▶ [What is expected] Reproduce the entries in full and exactly. Pictures stay out.

▶ [Source data]
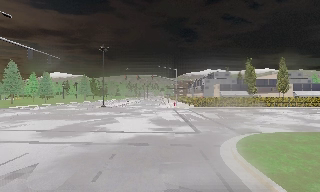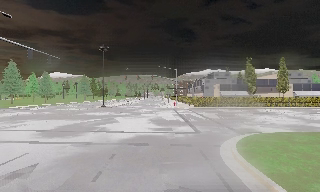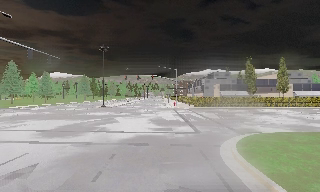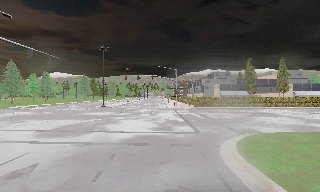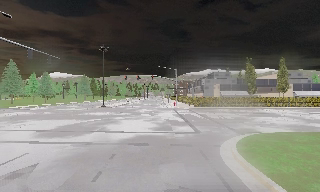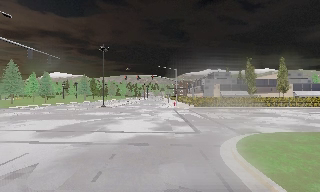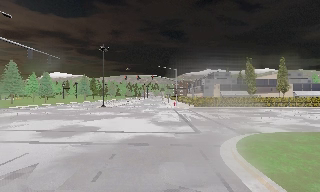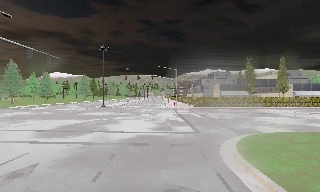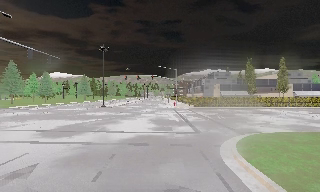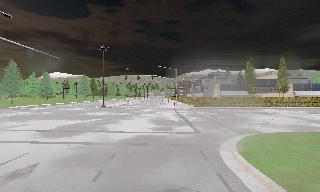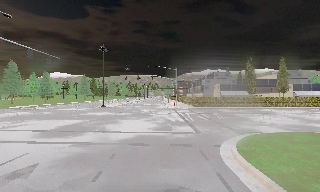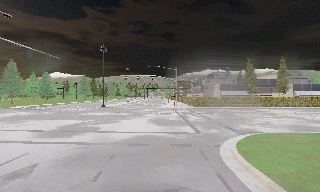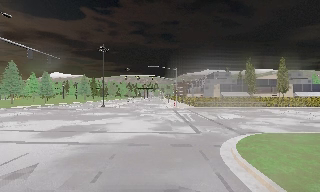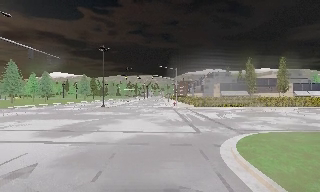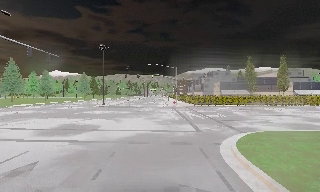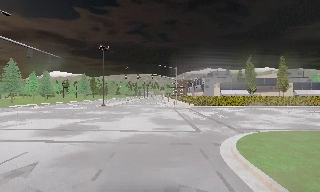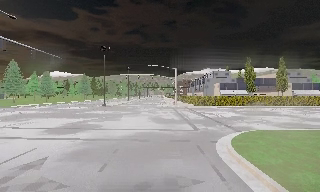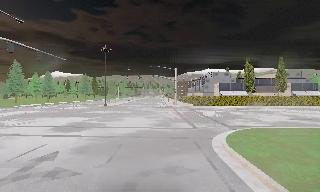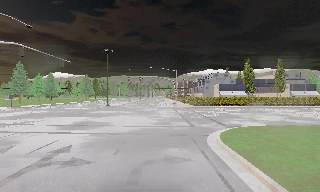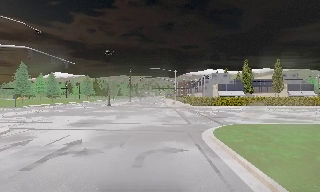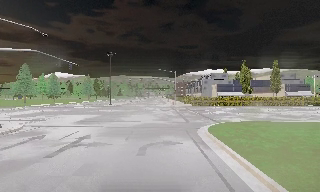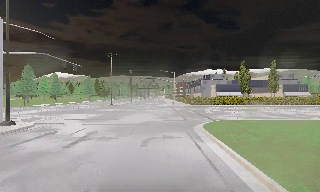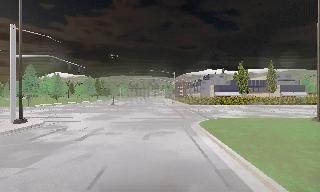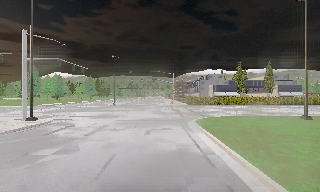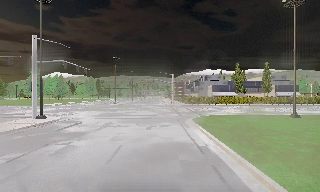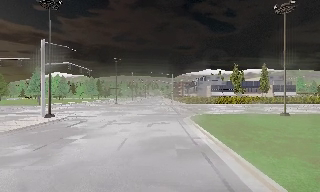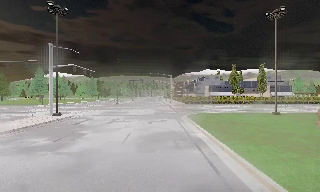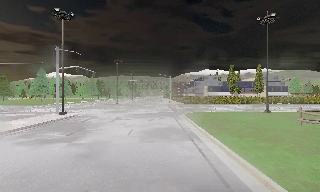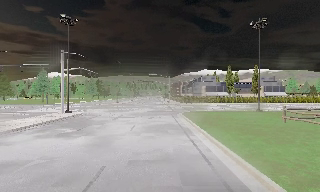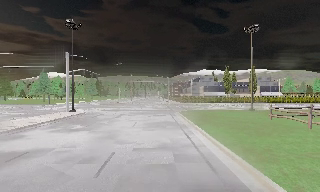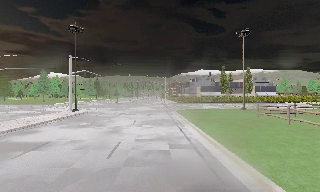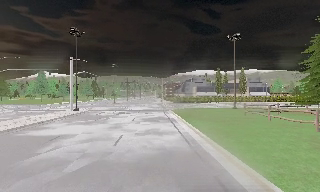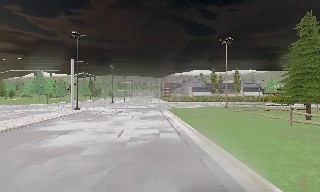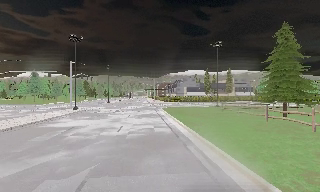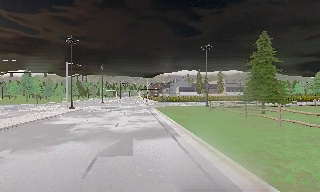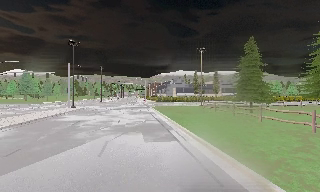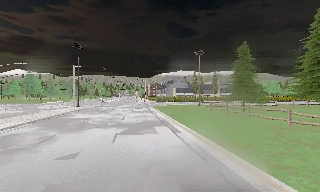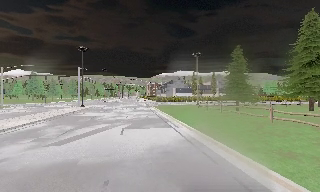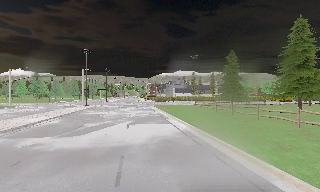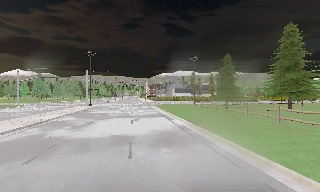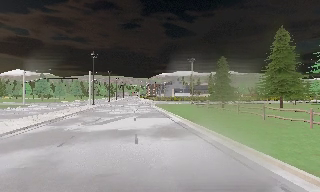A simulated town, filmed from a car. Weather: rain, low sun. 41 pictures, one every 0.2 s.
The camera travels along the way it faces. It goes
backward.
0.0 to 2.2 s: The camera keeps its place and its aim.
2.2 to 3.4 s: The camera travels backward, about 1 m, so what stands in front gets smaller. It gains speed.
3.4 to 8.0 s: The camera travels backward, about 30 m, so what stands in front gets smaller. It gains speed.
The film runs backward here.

▶ [Your response]
A simulated town, filmed from a car. Weather: rain, low sun. 41 pictures, one every 0.2 s.
The camera travels along the way it faces. It goes
backward.
0.0 to 2.2 s: The camera keeps its place and its aim.
2.2 to 3.4 s: The camera travels backward, about 1 m, so what stands in front gets smaller. It gains speed.
3.4 to 8.0 s: The camera travels backward, about 30 m, so what stands in front gets smaller. It gains speed.
The film runs backward here.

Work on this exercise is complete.